Material shown
Segment Open

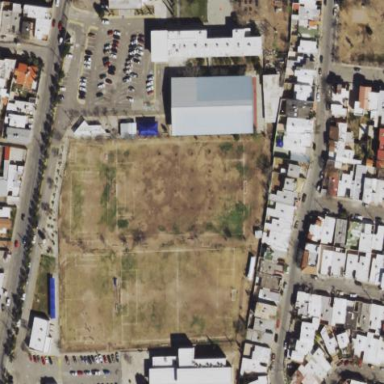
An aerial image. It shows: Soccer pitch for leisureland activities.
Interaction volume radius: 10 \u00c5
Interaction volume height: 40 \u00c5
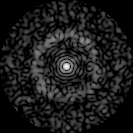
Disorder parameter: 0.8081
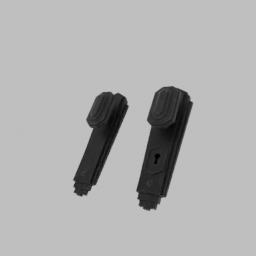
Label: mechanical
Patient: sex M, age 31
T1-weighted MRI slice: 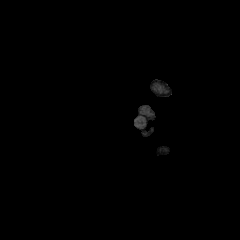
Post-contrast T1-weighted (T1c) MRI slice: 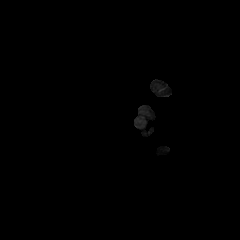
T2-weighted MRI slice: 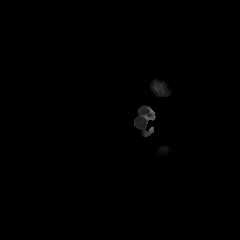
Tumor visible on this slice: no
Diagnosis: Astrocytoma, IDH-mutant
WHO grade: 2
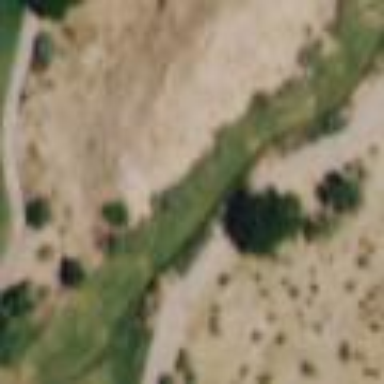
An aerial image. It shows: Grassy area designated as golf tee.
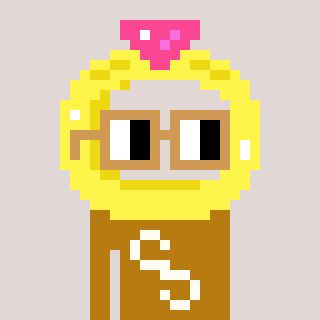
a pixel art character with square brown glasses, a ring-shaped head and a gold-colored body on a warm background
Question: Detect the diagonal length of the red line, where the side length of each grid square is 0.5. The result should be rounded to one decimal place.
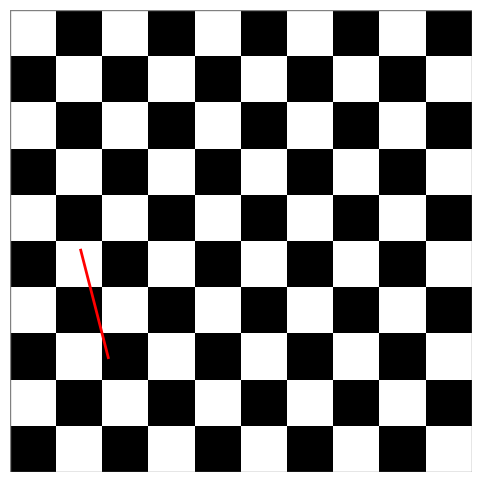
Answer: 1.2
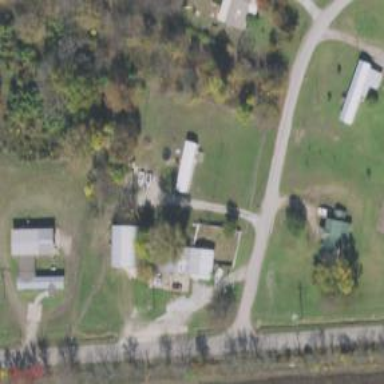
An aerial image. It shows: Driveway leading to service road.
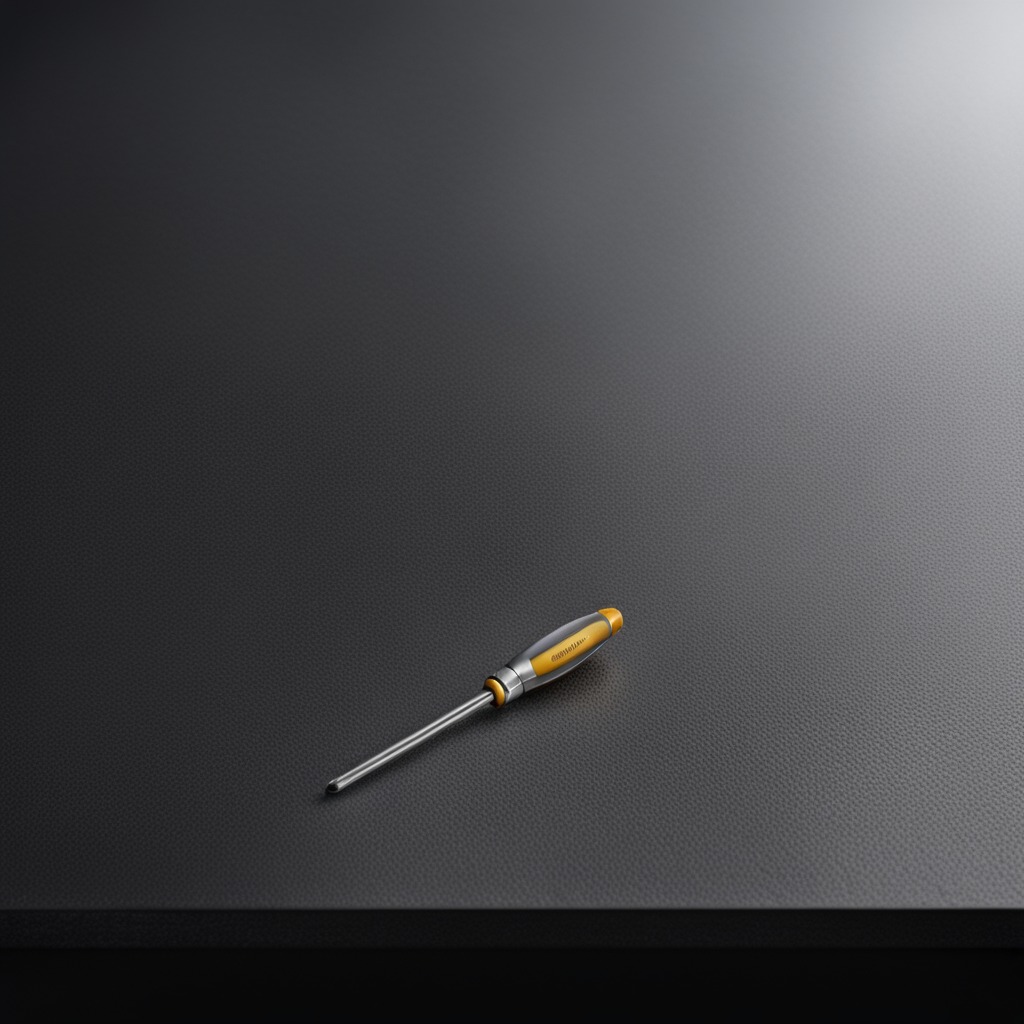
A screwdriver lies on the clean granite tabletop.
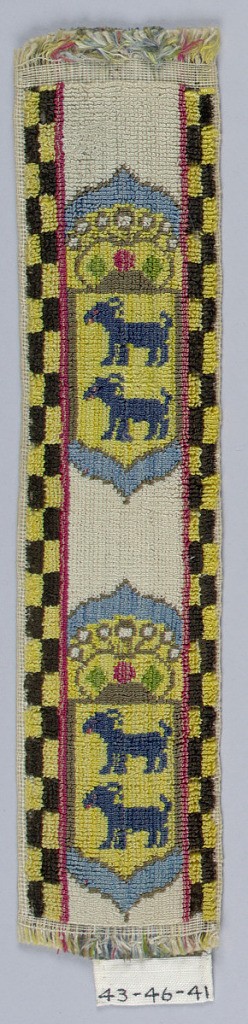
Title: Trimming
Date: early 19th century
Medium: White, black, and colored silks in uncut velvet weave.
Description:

Segment Closed

Exercise objective
A word-for-word copy of the lines from the one with "Post-contrast T1-weighted (T1c)" through the last line of the data above is required, with both end lines included and no pictures.

Finished exercise
Post-contrast T1-weighted (T1c) MRI slice: 
T2-weighted MRI slice: 
Tumor visible on this slice: no
Diagnosis: Astrocytoma, IDH-mutant
WHO grade: 2
An aerial image. It shows: Grassy area designated as golf tee.
a pixel art character with square brown glasses, a ring-shaped head and a gold-colored body on a warm background
Question: Detect the diagonal length of the red line, where the side length of each grid square is 0.5. The result should be rounded to one decimal place.
Answer: 1.2
An aerial image. It shows: Driveway leading to service road.
A screwdriver lies on the clean granite tabletop.
Title: Trimming
Date: early 19th century
Medium: White, black, and colored silks in uncut velvet weave.
Description:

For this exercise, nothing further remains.